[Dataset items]
_ _ _ _ _
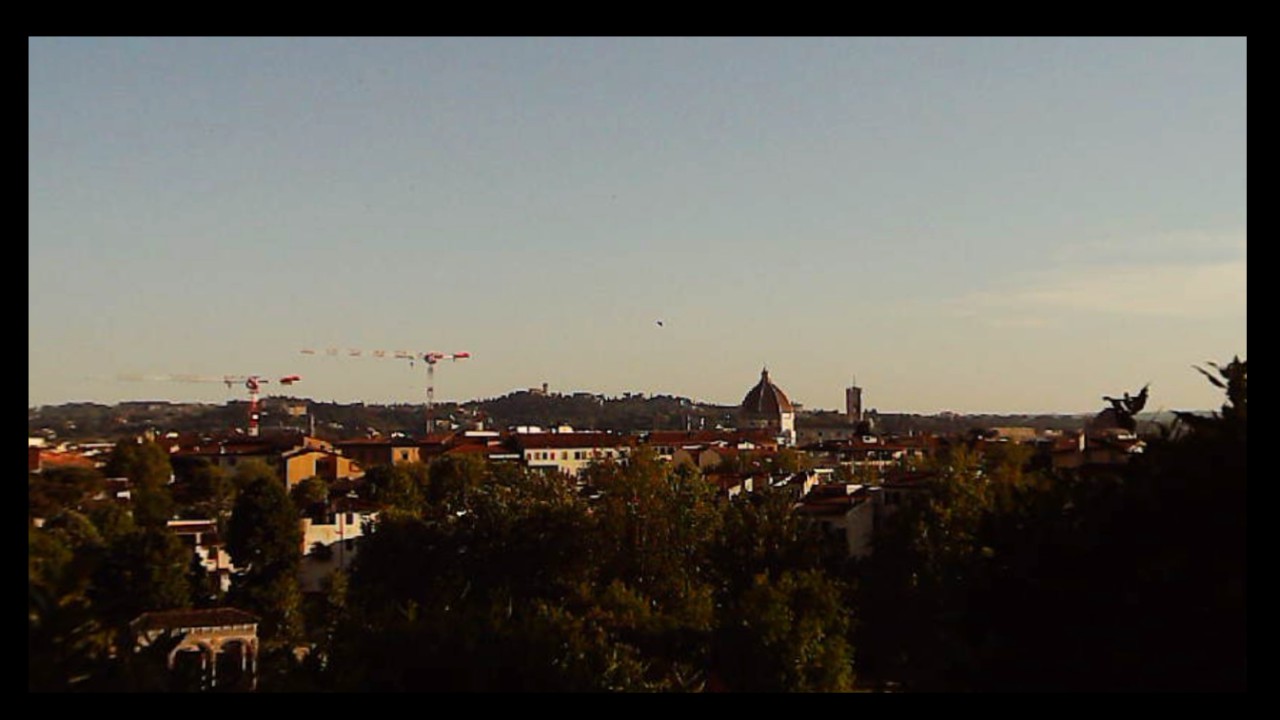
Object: Betafpv air75
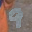
Label: 9
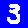
Digit: 3
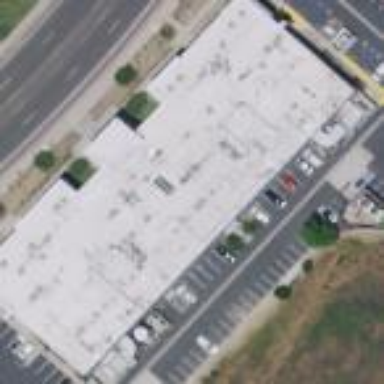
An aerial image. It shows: Industrial building.
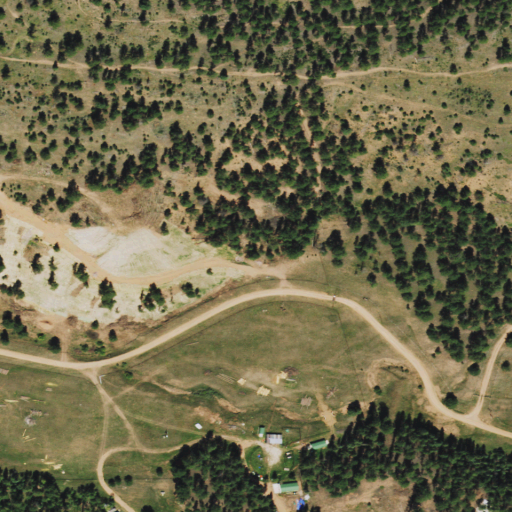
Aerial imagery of valley in Colorado named Rupp Gulch containing evergreen forest, grassland, shrub, and open development
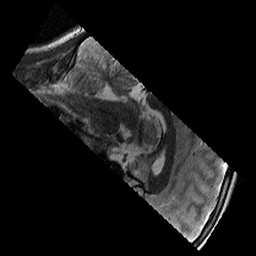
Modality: T2w
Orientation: sagittal
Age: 11
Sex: male
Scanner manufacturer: siemens
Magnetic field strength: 3 T
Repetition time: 9.23 s
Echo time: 0.067 s
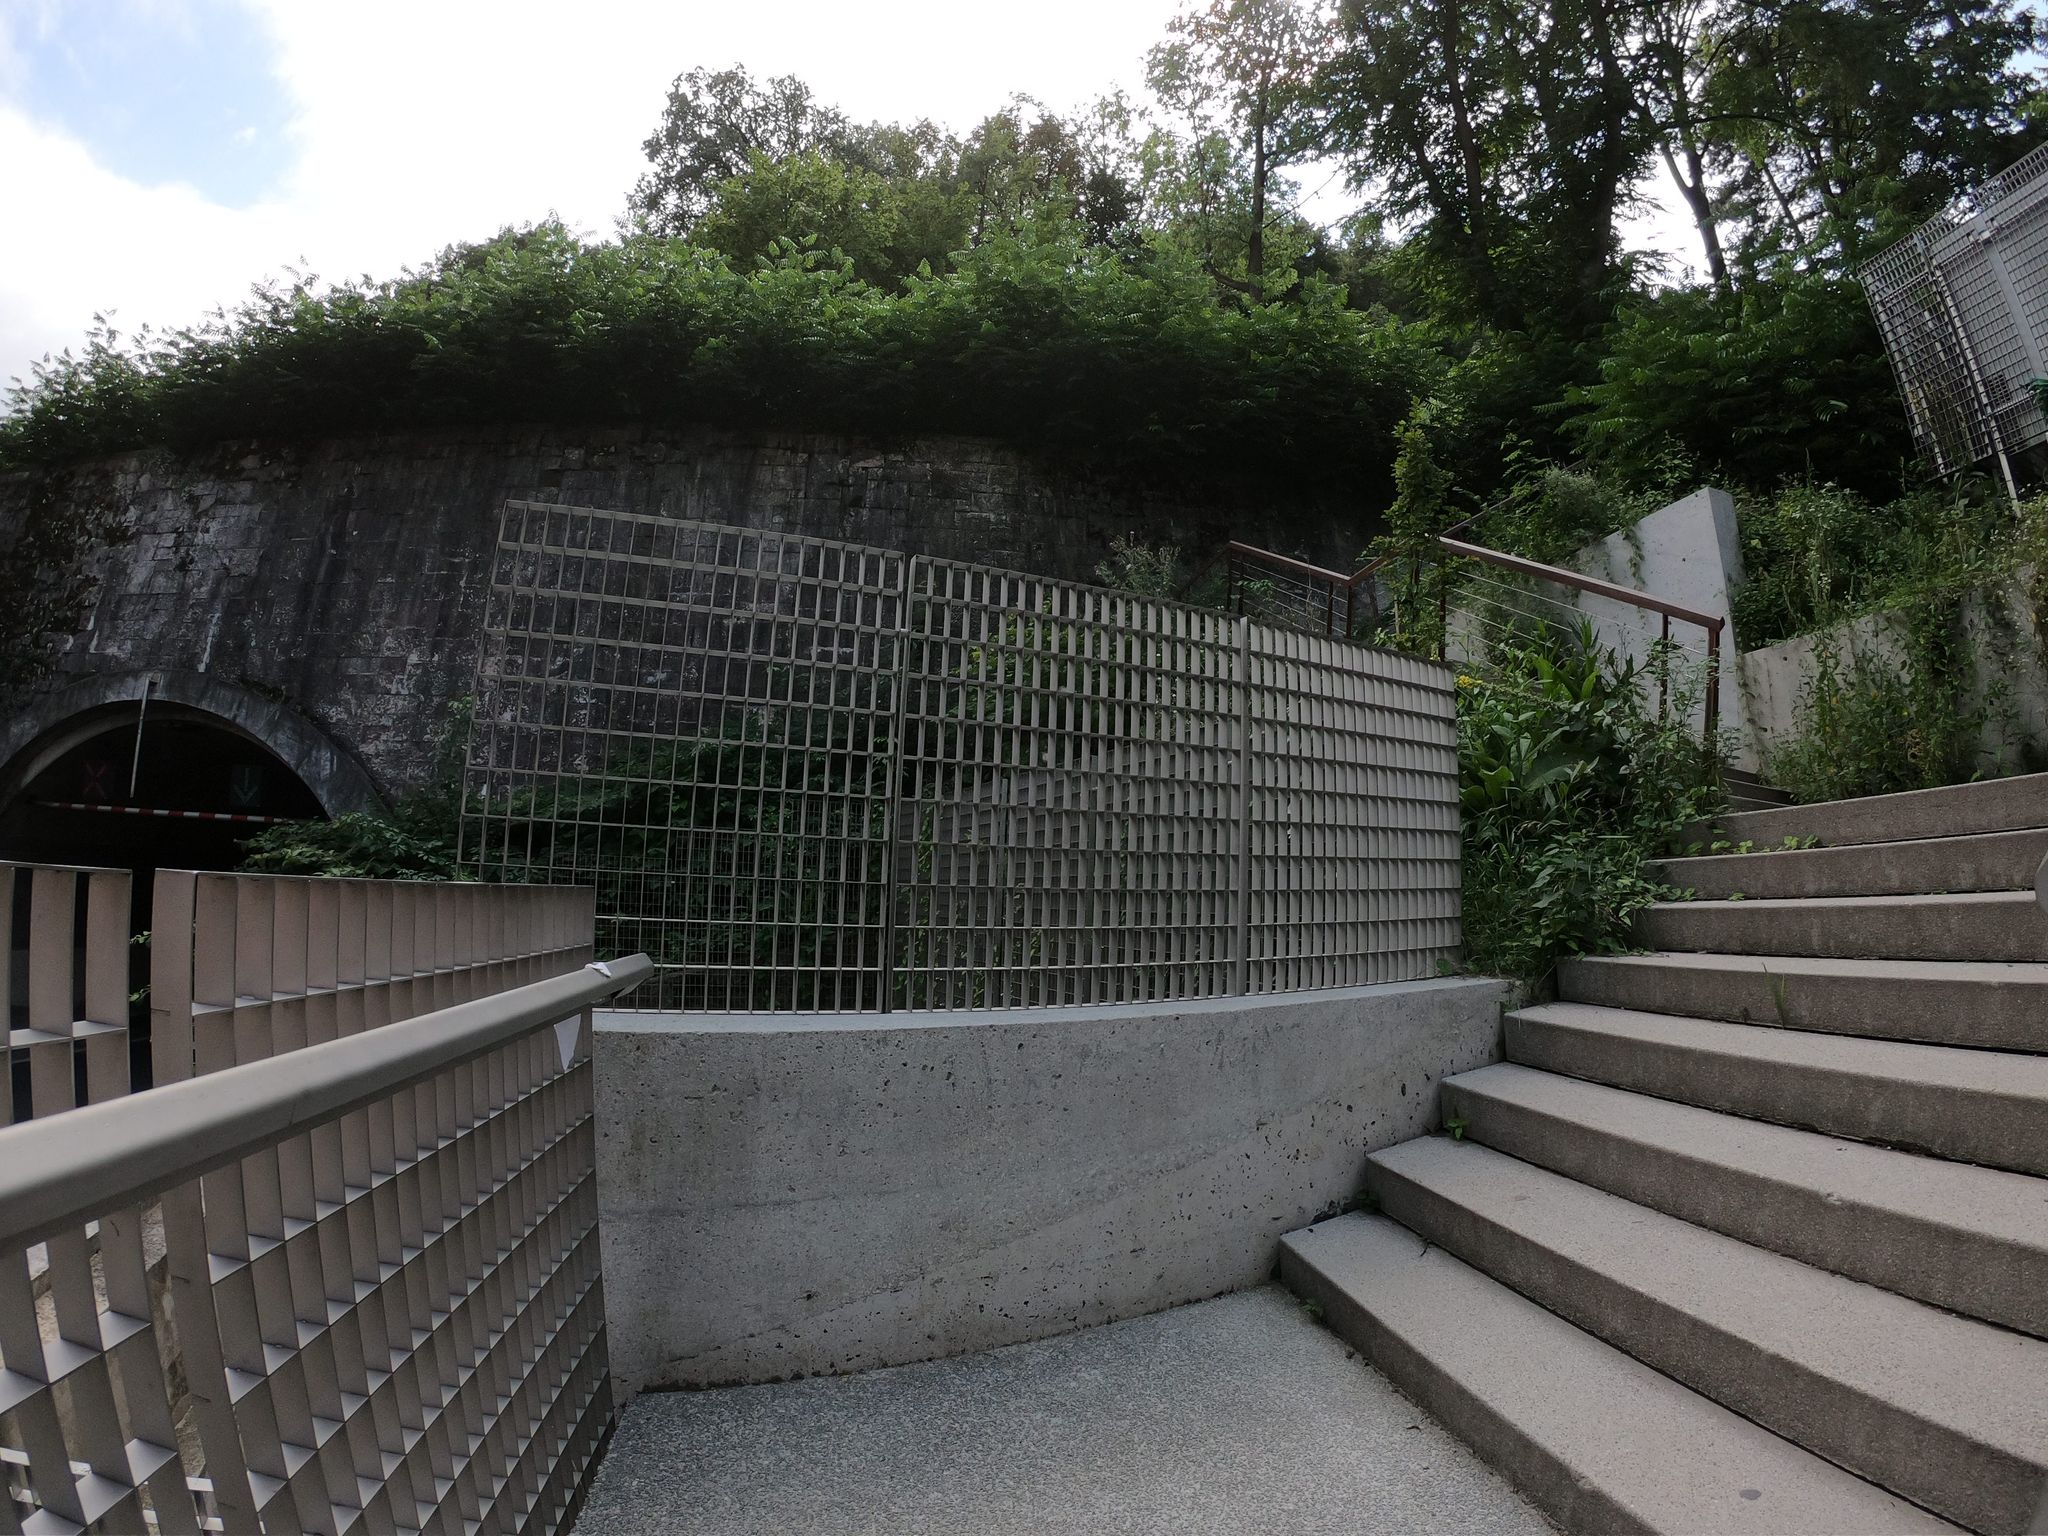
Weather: clear
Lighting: day
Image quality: good
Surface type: walking surface
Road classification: elevator
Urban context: urban centre
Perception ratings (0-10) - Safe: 3.83, Lively: 1.8, Beautiful: 3.76, Boring: 2.95, Depressing: 7.09, Wealthy: 3.86
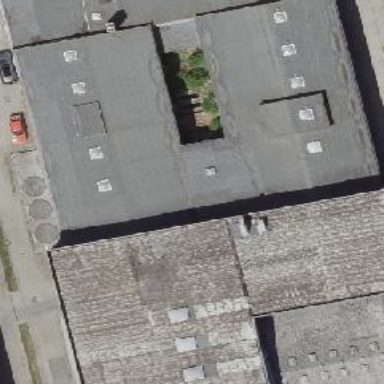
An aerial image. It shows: Industrial building.
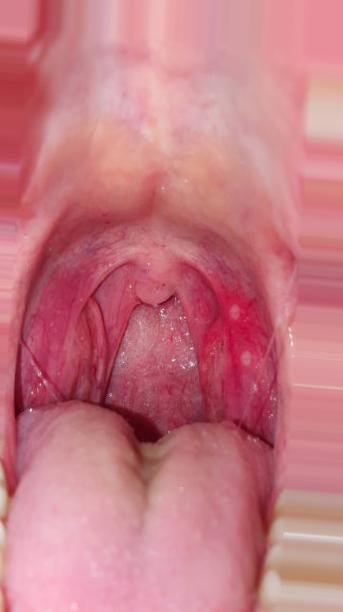
Condition: Mouth Ulcer
_ _ _ _ _
### WHAT TO PRODUCE
With pictures omitted, restate word for word every line above from the one containing "Road classification: elevator" to the end of the entries.

### RESULT OF THIS TASK
Road classification: elevator
Urban context: urban centre
Perception ratings (0-10) - Safe: 3.83, Lively: 1.8, Beautiful: 3.76, Boring: 2.95, Depressing: 7.09, Wealthy: 3.86
An aerial image. It shows: Industrial building.
Condition: Mouth Ulcer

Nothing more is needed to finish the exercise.